Before you write out the listing, remove the pictures; everything else stays exactly as it is.

....

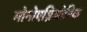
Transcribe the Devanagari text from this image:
मोनोएम्निओनिक
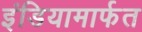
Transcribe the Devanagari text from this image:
इंडियामार्फत
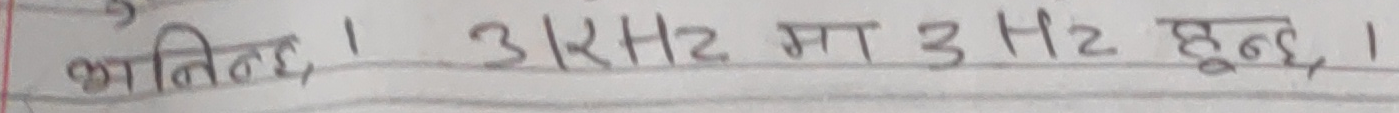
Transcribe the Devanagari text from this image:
भान्ति । 3KHz मा 3 Hz हुन्छ ।
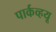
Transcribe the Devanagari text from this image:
पार्कव्हयू
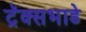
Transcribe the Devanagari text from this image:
ट्रॅक्सभाडे
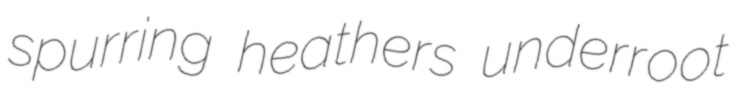
spurring heathers underroot
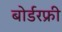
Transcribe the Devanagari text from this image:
बोर्डरफ्री
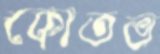
কোতভ
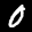
Label: 0
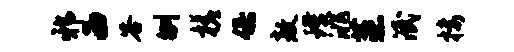
邪西答刎槎保敖璞洮蒸泯楼
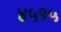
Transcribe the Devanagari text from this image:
४५१५
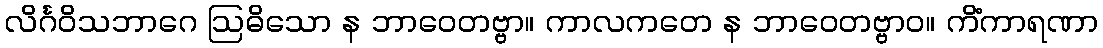
လိင်္ဂဝိသဘာဂေ ဩဓိသော န ဘာဝေတဗ္ဗာ။ ကာလကတေ န ဘာဝေတဗ္ဗာဝ။ ကိံကာရဏာ
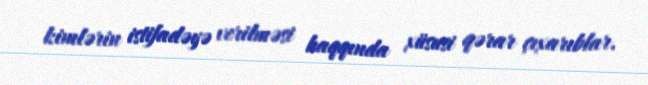
kimlərin istifadəyə verilməsi haqqında xüsusi qərar çıxarıblar.
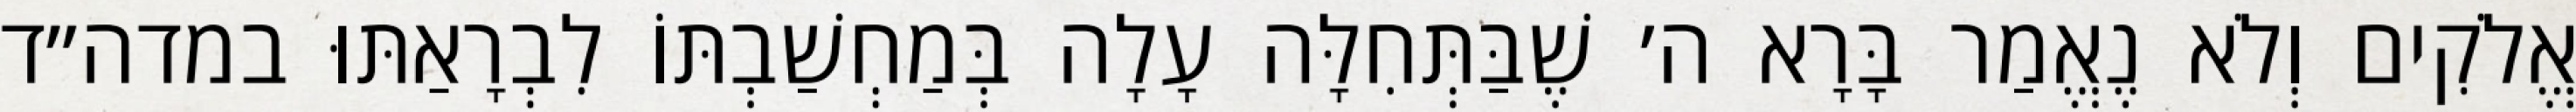
אֱלֹקִים וְלֹא נֶאֱמַר בָּרָא ה׳ שֶׁבַּתְּחִלָּה עָלָה בְּמַחְשַׁבְתּוֹ לִבְרָאַתּוּ במדה״ד
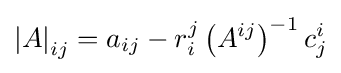
\left|A\right|_{ij}=a_{ij}-r_{i}^{j}\,{\bigl (}A^{ij}{\bigr )}^{-1}\,c_{j}^{i}
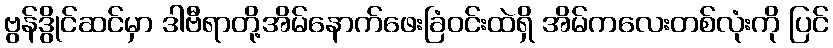
ဗွန်ဒွိုင်ဆင်မှာ ဒါဗီရာတို့အိမ်နောက်ဖေးခြံဝင်းထဲရှိ အိမ်ကလေးတစ်လုံးကို ပြင်
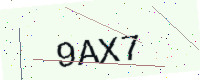
Text: 9AX7
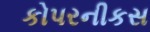
કોપરનીકસ
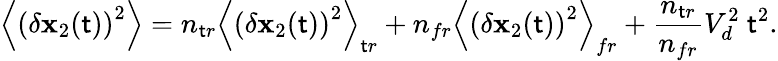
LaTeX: \left\langle\left(\delta\mathbf{x}_{2}(\mathsf{t})\right)^{2}\right\rangle=n_{\mathsf{t}r}\left\langle\left(\delta\mathbf{x}_{2}(\mathsf{t})\right)^{2}\right\rangle_{\mathsf{t}r}+n_{fr}\left\langle\left(\delta\mathbf{x}_{2}(\mathsf{t})\right)^{2}\right\rangle_{fr}+\frac{{n_{\mathsf{t}r}}}{{n_{fr}}}V_{d}^{2}\ \mathsf{t}^{2}.
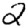
Digit: 2
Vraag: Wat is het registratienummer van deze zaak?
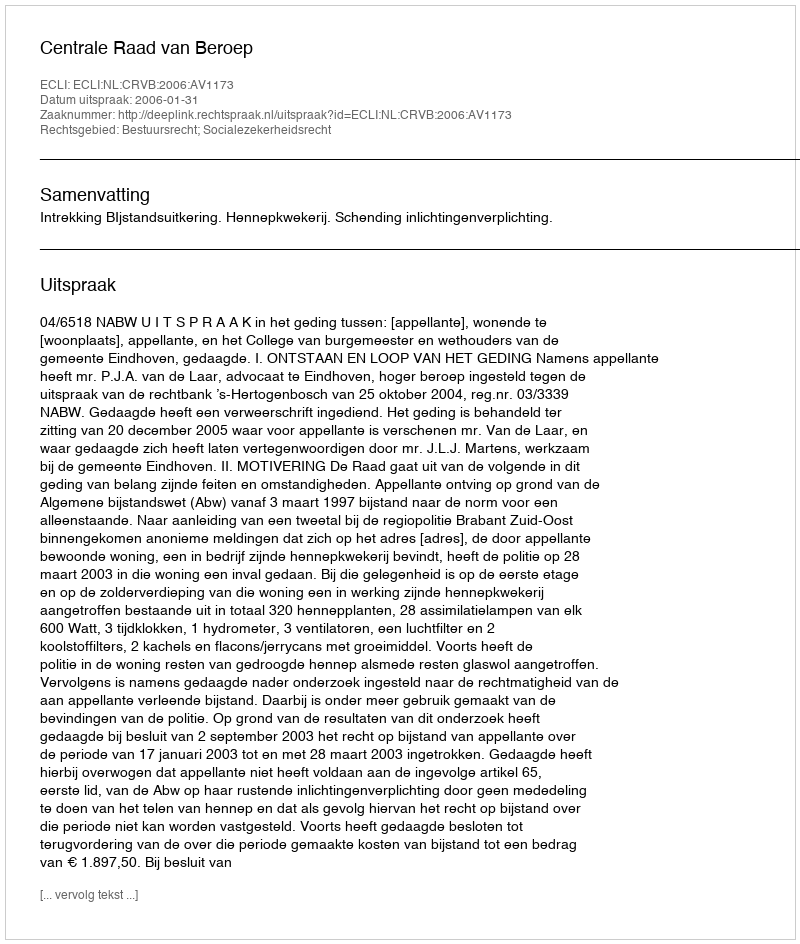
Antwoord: http://deeplink.rechtspraak.nl/uitspraak?id=ECLI:NL:CRVB:2006:AV1173
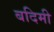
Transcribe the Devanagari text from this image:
बदिमी
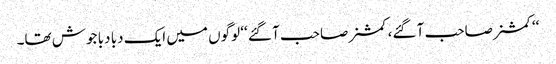
‘‘کمشنر صاحب آ گئے، کمشنر صاحب آ گئے ‘‘ لوگوں میں ایک دبا دبا جوش تھا۔
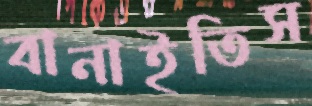
বানাইতিস
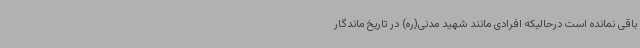
باقی نمانده است درحالیکه افرادی مانند شهید مدنی(ره) در تاریخ ماندگار
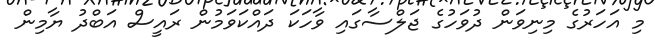
މި އަހަރުގެ މިނިވަން ދުވަހުގެ ޖަލްސާގައި ވާހަކަ ދައްކަވަމުން ރައީސް އަބްދު ޔާމިން
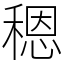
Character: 䅰
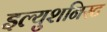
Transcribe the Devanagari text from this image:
इल्युशनिस्ट
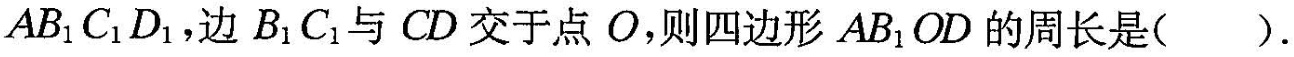
AB_{1}C_{1}D_{1}，边B_{1}C_{1}与CD交于点O，则四边形AB_{1}OD的周长是（）.
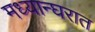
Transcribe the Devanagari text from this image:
मध्यान्घरात
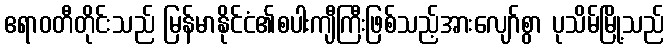
ဧရာဝတီတိုင်းသည် မြန်မာနိုင်ငံ၏စပါးကျီကြီးဖြစ်သည့်အားလျော်စွာ ပုသိမ်မြို့သည်
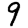
Digit: 9
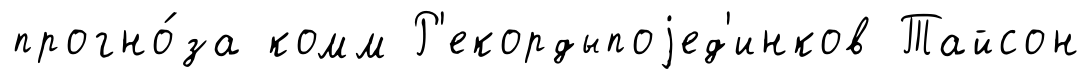
прогно́за комм Р'екордыпоjед'инков Тайсон
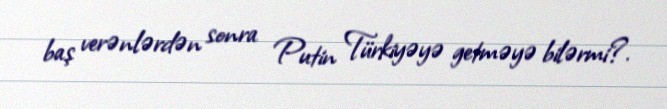
baş verənlərdən sonra Putin Türkiyəyə getməyə bilərmi?.
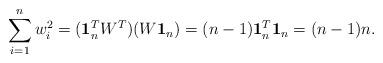
LaTeX: \begin{align*}\sum_{i=1}^n w_i^2=({\bf 1}_n^T W^T)(W{\bf 1}_n)=(n-1){\bf 1}_n^T {\bf 1}_n=(n-1)n. \end{align*}
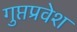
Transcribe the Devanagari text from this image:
गुप्तप्रवेश
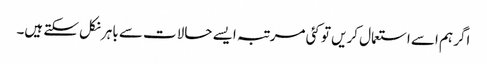
اگر ہم اسے استعمال کریں تو کئی مرتبہ ایسے حالات سے باہر نکل سکتے ہیں۔
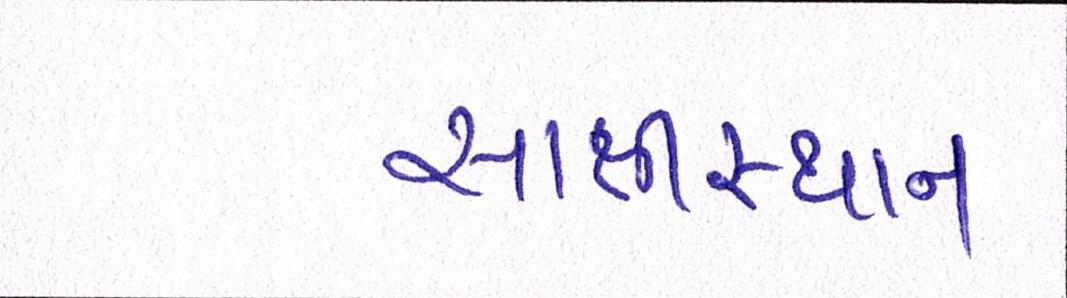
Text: સાક્ષીસ્થાન
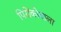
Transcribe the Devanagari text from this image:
पिरोंकोवाला
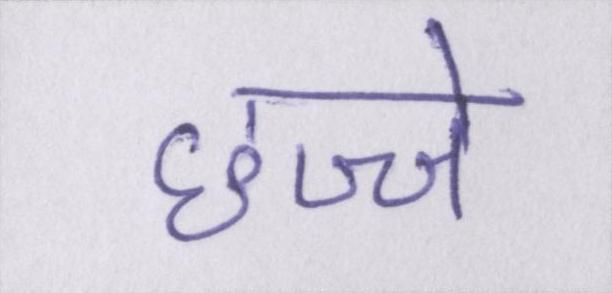
छज्जे
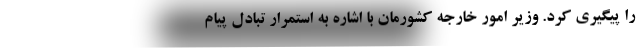
را پیگیری کرد. وزیر امور خارجه کشورمان با اشاره به استمرار تبادل پیام
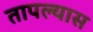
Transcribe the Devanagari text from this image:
तापल्यास
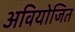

....

# ANSWER AREA
Transcribe the Devanagari text from this image:
मोनोएम्निओनिक
Transcribe the Devanagari text from this image:
इंडियामार्फत
Transcribe the Devanagari text from this image:
भान्ति । 3KHz मा 3 Hz हुन्छ ।
Transcribe the Devanagari text from this image:
पार्कव्हयू
Transcribe the Devanagari text from this image:
ट्रॅक्सभाडे
spurring heathers underroot
Transcribe the Devanagari text from this image:
बोर्डरफ्री
কোতভ
Label: 0
邪西答刎槎保敖璞洮蒸泯楼
Transcribe the Devanagari text from this image:
४५१५
လိင်္ဂဝိသဘာဂေ ဩဓိသော န ဘာဝေတဗ္ဗာ။ ကာလကတေ န ဘာဝေတဗ္ဗာဝ။ ကိံကာရဏာ
kimlərin istifadəyə verilməsi haqqında xüsusi qərar çıxarıblar.
אֱלֹקִים וְלֹא נֶאֱמַר בָּרָא ה׳ שֶׁבַּתְּחִלָּה עָלָה בְּמַחְשַׁבְתּוֹ לִבְרָאַתּוּ במדה״ד
\left|A\right|_{ij}=a_{ij}-r_{i}^{j}\,{\bigl (}A^{ij}{\bigr )}^{-1}\,c_{j}^{i}
ဗွန်ဒွိုင်ဆင်မှာ ဒါဗီရာတို့အိမ်နောက်ဖေးခြံဝင်းထဲရှိ အိမ်ကလေးတစ်လုံးကို ပြင်
Text: 9AX7
કોપરનીકસ
LaTeX: \left\langle\left(\delta\mathbf{x}_{2}(\mathsf{t})\right)^{2}\right\rangle=n_{\mathsf{t}r}\left\langle\left(\delta\mathbf{x}_{2}(\mathsf{t})\right)^{2}\right\rangle_{\mathsf{t}r}+n_{fr}\left\langle\left(\delta\mathbf{x}_{2}(\mathsf{t})\right)^{2}\right\rangle_{fr}+\frac{{n_{\mathsf{t}r}}}{{n_{fr}}}V_{d}^{2}\ \mathsf{t}^{2}.
Digit: 2
Vraag: Wat is het registratienummer van deze zaak?
Antwoord: http://deeplink.rechtspraak.nl/uitspraak?id=ECLI:NL:CRVB:2006:AV1173
Transcribe the Devanagari text from this image:
बदिमी
‘‘کمشنر صاحب آ گئے، کمشنر صاحب آ گئے ‘‘ لوگوں میں ایک دبا دبا جوش تھا۔
বানাইতিস
باقی نمانده است درحالیکه افرادی مانند شهید مدنی(ره) در تاریخ ماندگار
މި އަހަރުގެ މިނިވަން ދުވަހުގެ ޖަލްސާގައި ވާހަކަ ދައްކަވަމުން ރައީސް އަބްދު ޔާމިން
Character: 䅰
Transcribe the Devanagari text from this image:
इल्युशनिस्ट
AB_{1}C_{1}D_{1}，边B_{1}C_{1}与CD交于点O，则四边形AB_{1}OD的周长是（）.
Transcribe the Devanagari text from this image:
मध्यान्घरात
ဧရာဝတီတိုင်းသည် မြန်မာနိုင်ငံ၏စပါးကျီကြီးဖြစ်သည့်အားလျော်စွာ ပုသိမ်မြို့သည်
Digit: 9
прогно́за комм Р'екордыпоjед'инков Тайсон
baş verənlərdən sonra Putin Türkiyəyə getməyə bilərmi?.
LaTeX: \begin{align*}\sum_{i=1}^n w_i^2=({\bf 1}_n^T W^T)(W{\bf 1}_n)=(n-1){\bf 1}_n^T {\bf 1}_n=(n-1)n. \end{align*}
Transcribe the Devanagari text from this image:
गुप्तप्रवेश
اگر ہم اسے استعمال کریں تو کئی مرتبہ ایسے حالات سے باہر نکل سکتے ہیں۔
Text: સાક્ષીસ્થાન
Transcribe the Devanagari text from this image:
पिरोंकोवाला
छज्जे
را پیگیری کرد. وزیر امور خارجه کشورمان با اشاره به استمرار تبادل پیام
Transcribe the Devanagari text from this image:
तापल्यास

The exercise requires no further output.